Polyclonal Vβ usage and diverse TCR repertoire in recipients of Tregs
We next determined the impact of Tregs on the developing T-cell repertoire after HCT. Specifically, we evaluated the TCR-Vβ expression of donor-derived T cells isolated from transplant recipients on day 30 (Figure 2A). TCR-Vβ usage was broad among animals within each experimental group and comparable to age-matched untreated controls. However, Tcon recipients generally had lower levels of donor T cells at all Vβ elements except at Vβ12, where a higher percentage of T cells was noted. These findings suggest that Tregs do not compromise the generation and maintenance of a broad TCR-Vβ repertoire and appear to attenuate the loss of Vβ diversity that results from Tcon infusion.

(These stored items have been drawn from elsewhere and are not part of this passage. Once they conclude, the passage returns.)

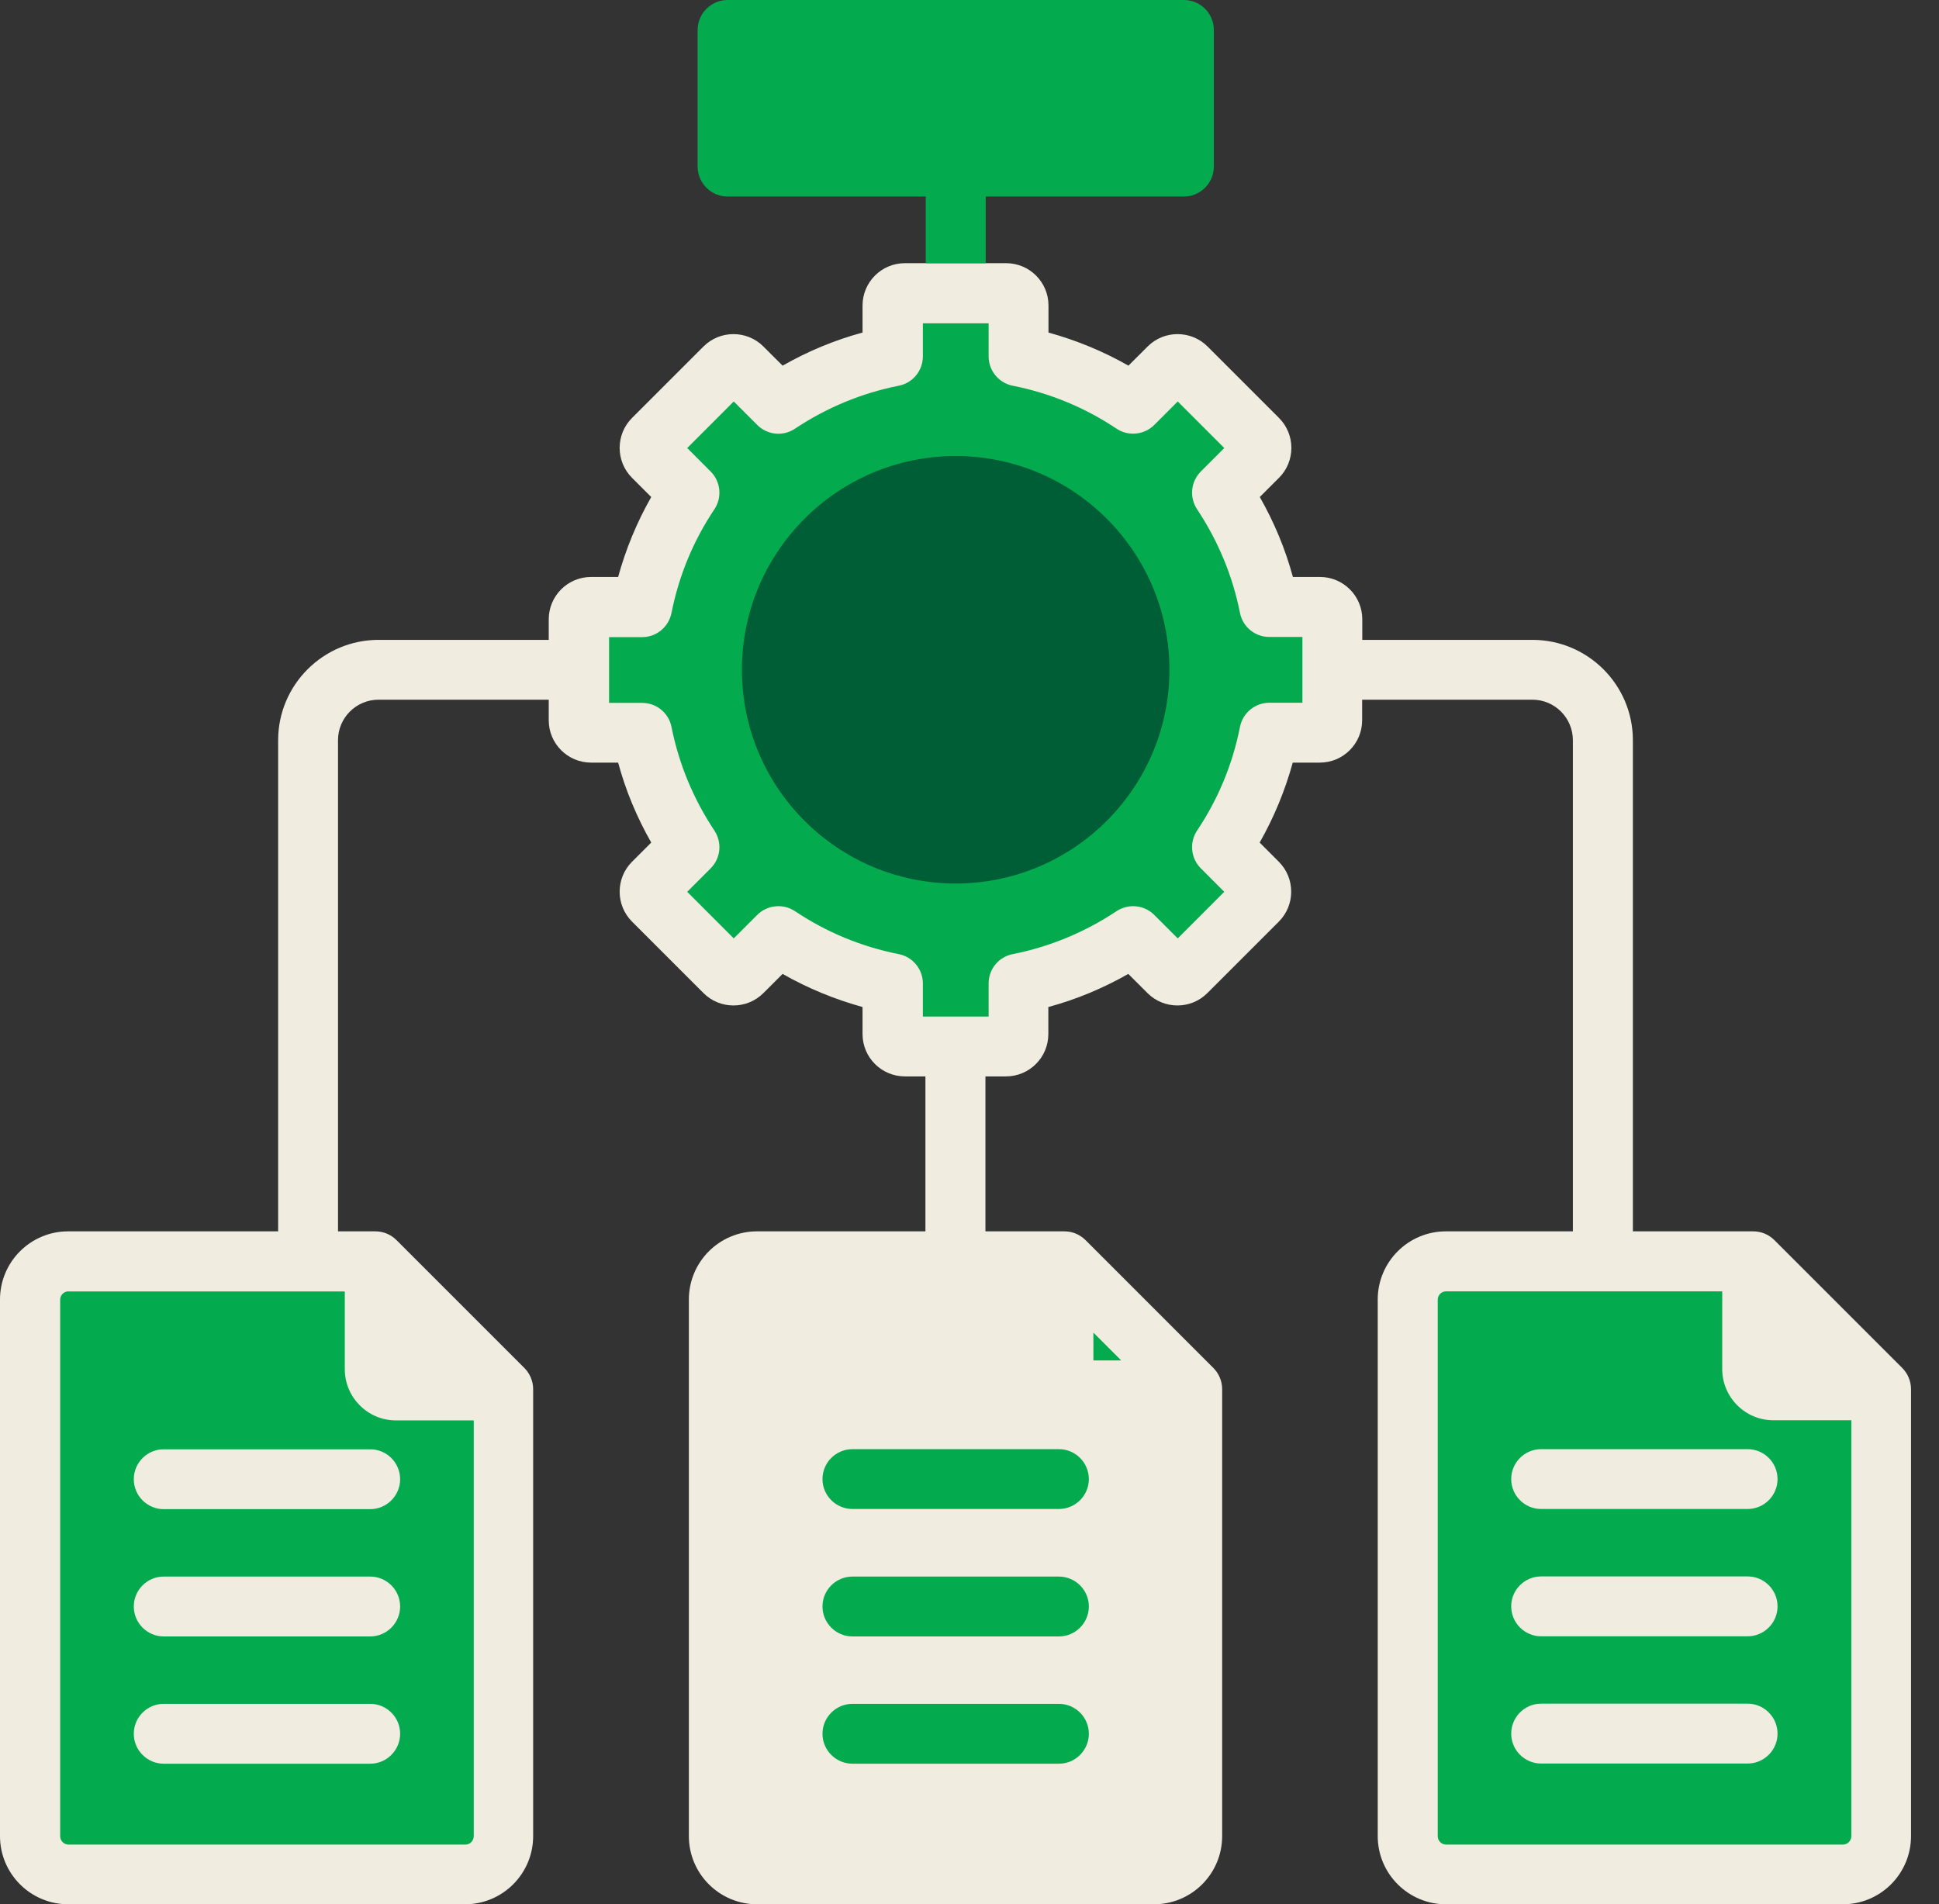 <svg width="56" height="55" viewBox="0 0 56 55" fill="none" xmlns="http://www.w3.org/2000/svg">
<rect x="0" y="0" width="56" height="55" fill="#333333" stroke="none"/>
<path d="M28.465 7.601H29.058C29.731 7.601 30.281 8.147 30.281 8.823V9.605C31.089 9.828 31.861 10.146 32.59 10.561L33.145 10.007C33.621 9.531 34.398 9.531 34.874 10.007L36.939 12.072C37.415 12.547 37.415 13.325 36.939 13.8L36.384 14.355C36.799 15.084 37.122 15.857 37.34 16.664H38.122C38.794 16.664 39.344 17.21 39.344 17.887V18.481H44.26C45.858 18.481 47.159 19.782 47.159 21.379V35.564H50.634C50.866 35.564 51.084 35.656 51.245 35.817L54.939 39.511C55.1 39.672 55.192 39.895 55.192 40.122V53.031C55.192 54.118 54.31 55 53.223 55H41.759C40.672 55 39.79 54.118 39.79 53.031V37.533C39.79 36.446 40.672 35.564 41.759 35.564H45.426V21.379C45.426 20.733 44.902 20.209 44.256 20.209H39.34V20.803C39.34 21.476 38.794 22.026 38.117 22.026H37.336C37.113 22.833 36.795 23.606 36.38 24.335L36.934 24.89C37.41 25.365 37.41 26.142 36.934 26.618L34.869 28.683C34.394 29.159 33.616 29.159 33.141 28.683L32.586 28.129C31.857 28.544 31.084 28.867 30.277 29.085V29.866C30.277 30.539 29.731 31.089 29.054 31.089H28.46V35.564H30.739C30.971 35.564 31.189 35.656 31.351 35.817L35.044 39.511C35.206 39.672 35.297 39.895 35.297 40.122V53.031C35.297 54.118 34.415 55 33.328 55H21.864C20.777 55 19.895 54.118 19.895 53.031V37.533C19.895 36.446 20.777 35.564 21.864 35.564H26.727V31.089H26.134C25.461 31.089 24.911 30.543 24.911 29.866V29.085C24.103 28.862 23.331 28.544 22.602 28.129L22.047 28.683C21.571 29.159 20.794 29.159 20.318 28.683L18.253 26.618C17.777 26.142 17.777 25.365 18.253 24.89L18.808 24.335C18.393 23.606 18.07 22.833 17.852 22.026H17.07C16.398 22.026 15.848 21.48 15.848 20.803V20.209H10.932C10.286 20.209 9.762 20.733 9.762 21.379V35.564H10.84C11.072 35.564 11.29 35.656 11.451 35.817L15.145 39.511C15.306 39.672 15.398 39.895 15.398 40.122V53.031C15.398 54.118 14.516 55 13.429 55H1.969C0.882 55 0 54.118 0 53.031V37.533C0 36.446 0.882 35.564 1.969 35.564H8.033V21.379C8.033 19.782 9.334 18.481 10.932 18.481H15.848V17.887C15.848 17.215 16.393 16.664 17.07 16.664H17.852C18.074 15.857 18.393 15.084 18.808 14.355L18.253 13.8C17.777 13.325 17.777 12.547 18.253 12.072L20.318 10.007C20.794 9.531 21.571 9.531 22.047 10.007L22.602 10.561C23.331 10.146 24.103 9.823 24.911 9.605V8.823C24.911 8.151 25.457 7.601 26.134 7.601H26.727" fill="#F1ECE0"/>
<path d="M1.978 37.297C1.847 37.297 1.738 37.406 1.738 37.537V53.035C1.738 53.166 1.847 53.276 1.978 53.276H13.442C13.573 53.276 13.682 53.166 13.682 53.035V41.025H11.438C10.622 41.025 9.958 40.362 9.958 39.545V37.301H1.982L1.978 37.297Z" fill="#03AA4E"/>
<path d="M30.582 41.855H24.619C24.143 41.855 23.754 42.243 23.754 42.719C23.754 43.195 24.143 43.583 24.619 43.583H30.582C31.058 43.583 31.447 43.195 31.447 42.719C31.447 42.243 31.058 41.855 30.582 41.855Z" fill="#03AA4E"/>
<path d="M23.754 50.075C23.754 50.551 24.143 50.94 24.619 50.94H30.582C31.058 50.94 31.447 50.551 31.447 50.075C31.447 49.599 31.058 49.211 30.582 49.211H24.619C24.143 49.211 23.754 49.599 23.754 50.075Z" fill="#03AA4E"/>
<path d="M24.619 47.264H30.582C31.058 47.264 31.447 46.875 31.447 46.399C31.447 45.923 31.058 45.535 30.582 45.535H24.619C24.143 45.535 23.754 45.923 23.754 46.399C23.754 46.875 24.143 47.264 24.619 47.264Z" fill="#03AA4E"/>
<path d="M31.578 39.292H32.381L31.578 38.489V39.292Z" fill="#03AA4E"/>
<path d="M37.615 18.397H36.659C36.245 18.397 35.891 18.105 35.812 17.703C35.599 16.629 35.179 15.621 34.572 14.708C34.346 14.363 34.389 13.909 34.682 13.617L35.358 12.94L34.014 11.595L33.337 12.272C33.044 12.565 32.586 12.608 32.246 12.381C31.333 11.77 30.325 11.355 29.251 11.141C28.845 11.063 28.552 10.705 28.552 10.294V9.338H26.653V10.294C26.653 10.709 26.36 11.063 25.954 11.141C24.881 11.355 23.872 11.774 22.96 12.381C22.615 12.613 22.161 12.565 21.868 12.272L21.191 11.595L19.847 12.94L20.523 13.617C20.816 13.909 20.86 14.368 20.633 14.708C20.021 15.621 19.607 16.629 19.393 17.703C19.314 18.109 18.956 18.402 18.546 18.402H17.59V20.301H18.546C18.96 20.301 19.314 20.593 19.393 20.995C19.607 22.069 20.026 23.077 20.633 23.99C20.86 24.335 20.816 24.789 20.523 25.081L19.847 25.758L21.191 27.103L21.868 26.426C22.161 26.134 22.619 26.09 22.96 26.317C23.872 26.928 24.881 27.343 25.954 27.557C26.36 27.635 26.653 27.993 26.653 28.404V29.36H28.552V28.404C28.552 27.989 28.845 27.635 29.251 27.557C30.325 27.343 31.333 26.924 32.246 26.317C32.59 26.09 33.044 26.134 33.337 26.426L34.014 27.103L35.358 25.758L34.682 25.081C34.389 24.789 34.346 24.33 34.572 23.99C35.184 23.077 35.599 22.069 35.812 20.995C35.891 20.589 36.249 20.297 36.659 20.297H37.615V18.397Z" fill="#03AA4E"/>
<path d="M53.463 41.021H51.219C50.403 41.021 49.739 40.357 49.739 39.541V37.297H41.763C41.632 37.297 41.523 37.406 41.523 37.537V53.035C41.523 53.166 41.632 53.276 41.763 53.276H53.227C53.358 53.276 53.468 53.166 53.468 53.035V41.025L53.463 41.021Z" fill="#03AA4E"/>
<path d="M50.473 41.855H44.509C44.033 41.855 43.645 42.243 43.645 42.719C43.645 43.195 44.033 43.583 44.509 43.583H50.473C50.949 43.583 51.337 43.195 51.337 42.719C51.337 42.243 50.949 41.855 50.473 41.855Z" fill="#F1ECE0"/>
<path d="M50.473 45.531H44.509C44.033 45.531 43.645 45.919 43.645 46.395C43.645 46.871 44.033 47.26 44.509 47.26H50.473C50.949 47.26 51.337 46.871 51.337 46.395C51.337 45.919 50.949 45.531 50.473 45.531Z" fill="#F1ECE0"/>
<path d="M27.6 13.171C24.195 13.171 21.427 15.939 21.427 19.345C21.427 22.75 24.195 25.518 27.6 25.518C31.006 25.518 33.774 22.75 33.774 19.345C33.774 15.939 31.006 13.171 27.6 13.171Z" fill="#005E37"/>
<path d="M50.473 49.206H44.509C44.033 49.206 43.645 49.595 43.645 50.071C43.645 50.547 44.033 50.935 44.509 50.935H50.473C50.949 50.935 51.337 50.547 51.337 50.071C51.337 49.595 50.949 49.206 50.473 49.206Z" fill="#F1ECE0"/>
<path d="M26.736 7.601V5.676H21.012C20.537 5.676 20.148 5.287 20.148 4.811V0.864C20.148 0.389 20.537 0 21.012 0H34.193C34.669 0 35.057 0.389 35.057 0.864V4.811C35.057 5.287 34.669 5.676 34.193 5.676H28.469V7.601" fill="#03AA4E"/>
<path d="M3.864 50.075C3.864 49.599 4.252 49.211 4.728 49.211H10.692C11.168 49.211 11.556 49.599 11.556 50.075C11.556 50.551 11.168 50.94 10.692 50.94H4.728C4.252 50.94 3.864 50.551 3.864 50.075Z" fill="#F1ECE0"/>
<path d="M4.728 43.588H10.692C11.168 43.588 11.556 43.199 11.556 42.723C11.556 42.247 11.168 41.859 10.692 41.859H4.728C4.252 41.859 3.864 42.247 3.864 42.723C3.864 43.199 4.252 43.588 4.728 43.588Z" fill="#F1ECE0"/>
<path d="M4.728 47.264H10.692C11.168 47.264 11.556 46.875 11.556 46.399C11.556 45.923 11.168 45.535 10.692 45.535H4.728C4.252 45.535 3.864 45.923 3.864 46.399C3.864 46.875 4.252 47.264 4.728 47.264Z" fill="#F1ECE0"/>
</svg>

To more precisely assess the diversity and clonality of the T-cell repertoire, we performed spectratyping DNA sequence analyses of the CDR3 region within each Vβ region.26,27 Age-matched untreated donor animals had a diverse TCR-Vβ, evident by the Gaussian distribution of peaks that represent a range and frequency of CDR3 sequence lengths within each Vβ locus (Figure 2B). Tcon recipients exhibited a decreased number and shifting of the peaks, resulting in an oligoclonal (Vβ2,10,12,16) or monoclonal (Vβ4,6,8.3) TCR-Vβ profile, indicating a contracted and skewed TCR-Vβ repertoire. At the Vβ12 locus however, there was a more diverse pool of CDR3 sequences, with a higher percentage of donor CD3+ T cells. In contrast, BM recipients that received Tcon + Treg had a more diverse and polyclonal distribution of TCR at most Vβ regions, comparable to control animals that received BM only.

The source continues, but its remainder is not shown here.